Date: 20081110
Docket: IMM-5062-07
Citation: 2008 FC 1252
Ottawa, Ontario, November 10,
2008
PRESENT: The Honourable Mr. Justice O’Reilly
BETWEEN:
MEFITHU
LIBAN
Applicant
and
THE MINISTER OF CITIZENSHIP
AND IMMIGRATION
Respondent
REASONS FOR JUDGMENT AND JUDGMENT
[1]
Mr. Mefithu Liban requested an assessment of the
risk that would face him if he were returned to his country of citizenship, Ethiopia. An immigration officer considered
the question and, without a hearing, found that Mr. Liban had not shown more
than a mere possibility of persecution or serious harm.
[2]
Mr. Liban argues that the officer’s decision
should be overturned because the officer had given an undertaking to hold a
hearing, a hearing was required by law in the circumstances, and the officer
erred in his consideration of the evidence. He asks me to order a new
assessment by a different officer. I have concluded that the officer was
obliged to hold a hearing in the circumstances. Accordingly, I will grant this
application for judicial review and order a different officer to conduct a
reassessment of the risk to Mr. Liban.
[3]
Given my conclusion that a hearing was required by law, I will confine
my reasons to this single issue.
I.
Factual Background
[4]
Mr. Liban has been in Canada since 1995. He became a permanent resident
based on his wife’s sponsorship. They have since divorced. Mr. Liban was ordered
to be removed from Canada based on his criminal record. His appeal of that
order was denied. At that point, he requested a pre-removal risk assessment. He
specifically requested a hearing.
[5]
The officer conducting the assessment contacted Mr. Liban’s lawyer to
try to arrange a convenient time for a hearing. Various dates were discussed.

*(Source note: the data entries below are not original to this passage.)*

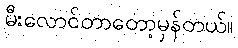
မီးလောင်တာတော့မှန်တယ်။
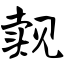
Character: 觌
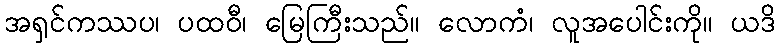
အရှင်ကဿပ၊ ပထဝီ၊ မြေကြီးသည်။ လောကံ၊ လူအပေါင်းကို။ ယဒိ
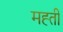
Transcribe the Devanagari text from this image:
मह्ती
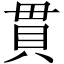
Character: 貫
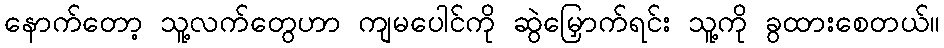
နောက်တော့ သူ့လက်တွေဟာ ကျမပေါင်ကို ဆွဲမြှောက်ရင်း သူ့ကို ခွထားစေတယ်။

However, before a date was agreed on, the officer rendered his decision.
II. The
Officer’s Decision
[6]
The officer began by noting that Mr. Liban was found not to be a
credible witness by the Immigration Appeal Division on the appeal of his
removal order. He also noted that a hearing was not required by law in the
circumstances.
[7]
Mr. Liban had identified his fear of removal to Ethiopia as being
connected to his bisexuality and alcohol addiction. The officer reviewed Mr.

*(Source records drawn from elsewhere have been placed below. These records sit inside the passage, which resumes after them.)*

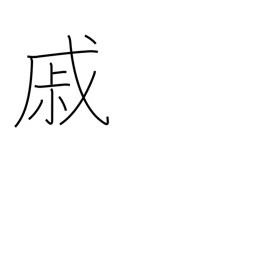
Meaning: grieve
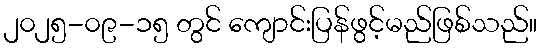
၂၀၂၅-၀၉-၁၅ တွင် ကျောင်းပြန်ဖွင့်မည်ဖြစ်သည်။
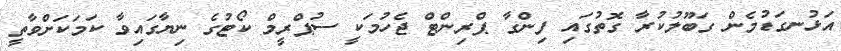
އަޅުނގަޑުމެން ގަބޫލުކުރާ ގޮތުގައި ފިންގާ ޕްރިންޓް ޖެހުމަކީ ސުޕްރީމް ކޯޓުގެ ނިޔާގައިވާ ކަމަކަށްވާތީ
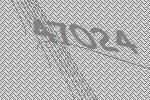
47024

Liban’s evidence relating to his relationships with other men, particularly a
man named “Jimmy”, and concluded that “the applicant has not provided me with
sufficient objective evidence to support his statements regarding his
relationship with ‘Jimmy’”. The officer also discounted the possibility that
members of the Ethiopian community in Toronto, who knew about Mr. Liban’s
sexuality, would transmit that information back to Ethiopia.
[8]
Regarding Mr. Liban’s alcoholism, the officer found that Mr. Liban had
not provided sufficient objective evidence to support his fear of mistreatment
in Ethiopia. The officer purported not to make a credibility finding on this
issue. He stated: “I note that I am not making a credibility finding. I have
not determined that the applicant is not addicted to some substance(s); I have
determined that he has not provided me with sufficient objective evidence to
persuade me that he is an addict.”
[9]
The officer accepted that homosexuality is a criminal offence in Ethiopia
and, according to the Quran, punishable by death. He also appeared to accept
that addicts are mistreated in Ethiopia.
[10]
In the end, the officer found that Mr. Liban faced no more than a mere
possibility of harm.
III. Was
a Hearing Required?
[11]
Mr. Liban argues that the officer undertook to convene a hearing.

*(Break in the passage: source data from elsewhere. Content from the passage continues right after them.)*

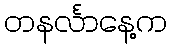
တနင်္လာနေ့က
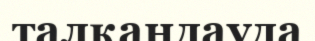
талқандауда
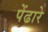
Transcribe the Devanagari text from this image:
पेंढारे
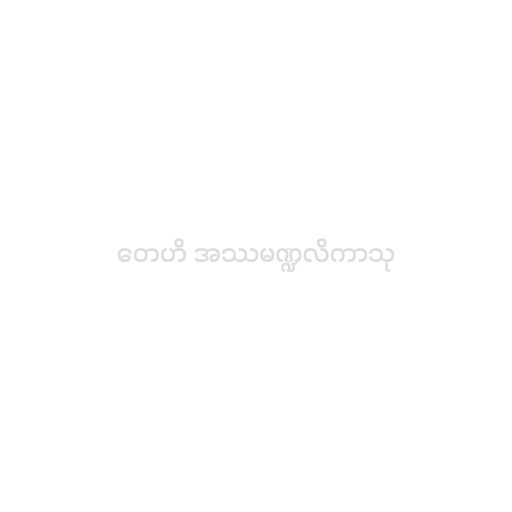
တေဟိ အဿမဏ္ဍလိကာသု

Accordingly, he had a legitimate expectation that a hearing would be held before
his risk assessment was completed. In their respective affidavits, the officer
and Mr. Liban’s previous counsel express different recollections of their
communications on this subject. It seems to me that the officer, at least, gave
the impression that he would be holding a hearing but this is not enough to
create a legitimate expectation.
[12]
However, in my view, a hearing was required by law. Under the Immigration
and Refugee Protection Act, S.C. 2001, c. 27, a hearing should be held
where certain factors, prescribed by regulation, are present (s. 113(b);
see Annex; see also Tekie v. Canada (Minister of Citizenship
and Immigration), [2005] F.C.J. No. 39 (QL)). In essence, the factors are
whether (a) there is evidence raising a serious issue of the applicant’s
credibility; (b) the evidence is central to the application for protection; and
(c) the evidence, if accepted, would justify allowing the application (Immigration
and Refugee Protection Regulations, SOR/2002-227, s. 167; see Annex).
[13]
The officer’s reasons persuade me that a hearing was required here.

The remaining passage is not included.